Modeling the Data using Features Chosen with the SelectKbest Function
Random Forest
accuracy score:
0.9357
cross validation:
[0.82772659 0.82151275 0.8145 0.81962997 0.81605829]
cross validation with AUC:
[0.89991833 0.9033447 0.90034001 0.89884141 0.90075802]
confusion matrix:
[[32054 2789]
[ 1712 33445]]
precision recall f1-score support
1 0.95 0.92 0.93 34843
2 0.92 0.95 0.94 35157
micro avg 0.94 0.94 0.94 70000
macro avg 0.94 0.94 0.94 70000
weighted avg 0.94 0.94 0.94 70000
CPU times: user 25min 54s, sys: 33.1 s, total: 26min 27s
Wall time: 26min 36s
The random forest model had the best performance out of all of the models run with features chosen using the selectkbest function. Cross validation showed few signs of overfitting with this model. The random forest model using selectkbest still had lower accuracy than the model that used all of the available features in the dataset, implying that useful features were removed prior to modeling. Since selectKbest removes a low number of features in this case, this would mean that the majority of the dataset’s useful features had meaningful variance . Logistic regression’s performance didn’t differ much regardless of feature selection, implying that the model type doesn’t suit the bikeshare data.
When it comes to comparing full featured models and models that used sectkbest, most of the full featured models slightly outperformed their counterparts that used K best features. Using selectKbest allows for computational complexity to be reduced without abstracting the individual features (unlike PCA). However, in a situation where most of the features had a positive effect on the ability of the model to predict gender, this form of feature selection wasn’t particularly helpful.
Analysis and Conclusion
The random forest model using all of the dataset’s useful features the best model when it came to predicting the gender of the Citi Bike users. It is also important to note that the support vector classifier could also prove valuable when it comes to making predictions if larger amounts of computational resources are available due to its ability to draw distinct boundaries among the classes; a quality that is especially useful for location based data.

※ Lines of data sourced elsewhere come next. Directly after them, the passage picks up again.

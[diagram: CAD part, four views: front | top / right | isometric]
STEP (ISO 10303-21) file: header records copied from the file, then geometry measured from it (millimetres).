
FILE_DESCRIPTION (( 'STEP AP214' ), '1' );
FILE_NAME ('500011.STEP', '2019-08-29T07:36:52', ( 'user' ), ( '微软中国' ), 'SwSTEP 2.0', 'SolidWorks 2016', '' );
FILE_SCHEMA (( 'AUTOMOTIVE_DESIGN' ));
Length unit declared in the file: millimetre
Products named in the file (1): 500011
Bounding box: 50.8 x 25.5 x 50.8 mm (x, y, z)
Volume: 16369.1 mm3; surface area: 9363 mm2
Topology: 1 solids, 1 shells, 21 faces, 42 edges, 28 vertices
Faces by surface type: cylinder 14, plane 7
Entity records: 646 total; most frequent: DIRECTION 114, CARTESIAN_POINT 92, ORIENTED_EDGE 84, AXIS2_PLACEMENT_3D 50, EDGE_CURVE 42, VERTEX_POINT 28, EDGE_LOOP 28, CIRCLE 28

This study established the best suprvised modeling technique and feature classification pairing for the gender of the citibike users. The next step in using this data to discern the demographics of the users based on their usage of the service would be to collect more types of data and go more in depth into which features have a greater impact on the likelihood of a user being a particular gender. This includes collecting data from different sources and engineering more features. Afterwards the study can be expanded to include different types of demographical classes as outcomes such as age.

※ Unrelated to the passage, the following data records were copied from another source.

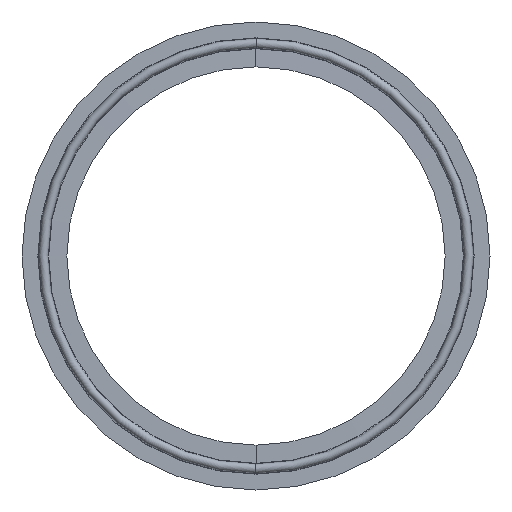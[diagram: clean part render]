
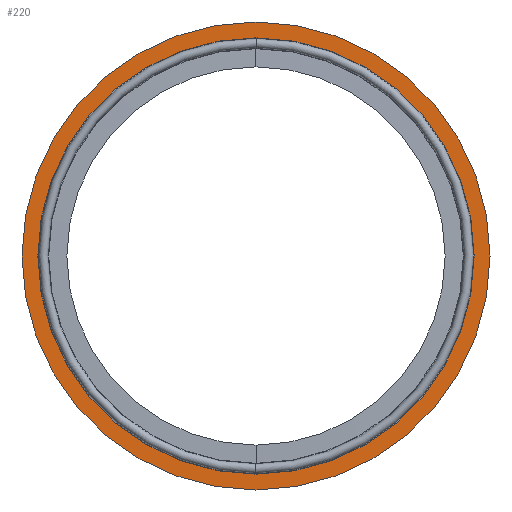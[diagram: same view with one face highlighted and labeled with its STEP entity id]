
A CAD part, left-side view. The second image highlights one B-rep face of the part: STEP entity #220.
In plain terms, the highlighted planar face has unit normal (-1, 0, 0).
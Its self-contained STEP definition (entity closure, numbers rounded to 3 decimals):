
#8 = CIRCLE ( 'NONE', #714, 56.4 ) ;
#9 = DIRECTION ( 'NONE',  ( 1., 0., 0. ) ) ;
#53 = CARTESIAN_POINT ( 'NONE',  ( -0.9, 0., -60.5 ) ) ;
#72 = CARTESIAN_POINT ( 'NONE',  ( -0.9, 0., 0. ) ) ;
#83 = EDGE_CURVE ( 'NONE', #762, #704, #529, .T. ) ;
#84 = DIRECTION ( 'NONE',  ( 0., 0., -1. ) ) ;
#144 = CARTESIAN_POINT ( 'NONE',  ( -0.9, 56.2, 0. ) ) ;
#181 = ORIENTED_EDGE ( 'NONE', *, *, #479, .T. ) ;
#195 = DIRECTION ( 'NONE',  ( 1., 0., 0. ) ) ;
#209 = AXIS2_PLACEMENT_3D ( 'NONE', #808, #440, #725 ) ;
#211 = PLANE ( 'NONE',  #769 ) ;
#220 = ADVANCED_FACE ( 'NONE', ( #419, #648 ), #211, .F. ) ;
#229 = ORIENTED_EDGE ( 'NONE', *, *, #859, .T. ) ;
#260 = DIRECTION ( 'NONE',  ( 0., 0., -1. ) ) ;
#277 = AXIS2_PLACEMENT_3D ( 'NONE', #72, #837, #347 ) ;
#340 = CIRCLE ( 'NONE', #209, 60.5 ) ;
#347 = DIRECTION ( 'NONE',  ( 0., 0., 1. ) ) ;
#354 = DIRECTION ( 'NONE',  ( 1., 0., 0. ) ) ;
#419 = FACE_BOUND ( 'NONE', #886, .T. ) ;
#440 = DIRECTION ( 'NONE',  ( -1., 0., 0. ) ) ;
#451 = CARTESIAN_POINT ( 'NONE',  ( -0.9, 0., -56.4 ) ) ;
#479 = EDGE_CURVE ( 'NONE', #704, #762, #340, .T. ) ;
#506 = VERTEX_POINT ( 'NONE', #451 ) ;
#515 = AXIS2_PLACEMENT_3D ( 'NONE', #892, #195, #618 ) ;
#516 = ORIENTED_EDGE ( 'NONE', *, *, #680, .T. ) ;
#529 = CIRCLE ( 'NONE', #277, 60.5 ) ;
#618 = DIRECTION ( 'NONE',  ( 0., 0., -1. ) ) ;
#637 = CARTESIAN_POINT ( 'NONE',  ( -0.9, 0., 0. ) ) ;
#648 = FACE_OUTER_BOUND ( 'NONE', #880, .T. ) ;
#654 = CIRCLE ( 'NONE', #515, 56.4 ) ;
#680 = EDGE_CURVE ( 'NONE', #506, #790, #654, .T. ) ;
#704 = VERTEX_POINT ( 'NONE', #898 ) ;
#710 = CARTESIAN_POINT ( 'NONE',  ( -0.9, 0., 56.4 ) ) ;
#714 = AXIS2_PLACEMENT_3D ( 'NONE', #637, #9, #260 ) ;
#725 = DIRECTION ( 'NONE',  ( 0., 0., 1. ) ) ;
#762 = VERTEX_POINT ( 'NONE', #53 ) ;
#769 = AXIS2_PLACEMENT_3D ( 'NONE', #144, #354, #84 ) ;
#790 = VERTEX_POINT ( 'NONE', #710 ) ;
#808 = CARTESIAN_POINT ( 'NONE',  ( -0.9, 0., 0. ) ) ;
#837 = DIRECTION ( 'NONE',  ( -1., 0., 0. ) ) ;
#859 = EDGE_CURVE ( 'NONE', #790, #506, #8, .T. ) ;
#880 = EDGE_LOOP ( 'NONE', ( #181, #894 ) ) ;
#886 = EDGE_LOOP ( 'NONE', ( #516, #229 ) ) ;
#892 = CARTESIAN_POINT ( 'NONE',  ( -0.9, 0., 0. ) ) ;
#894 = ORIENTED_EDGE ( 'NONE', *, *, #83, .T. ) ;
#898 = CARTESIAN_POINT ( 'NONE',  ( -0.9, 0., 60.5 ) ) ;

Understanding how to better utilize supervised modeling techniques to predict gender, will give insight as to what kind of people are using the bike share service and particular habits different types of customers share. This can allow for more direct marketing to specific types of users or changes in the product that better match how the service is used. Through the use of cheap and accessible data, decisions can be made that can result in increased efficiency and revenue for the company.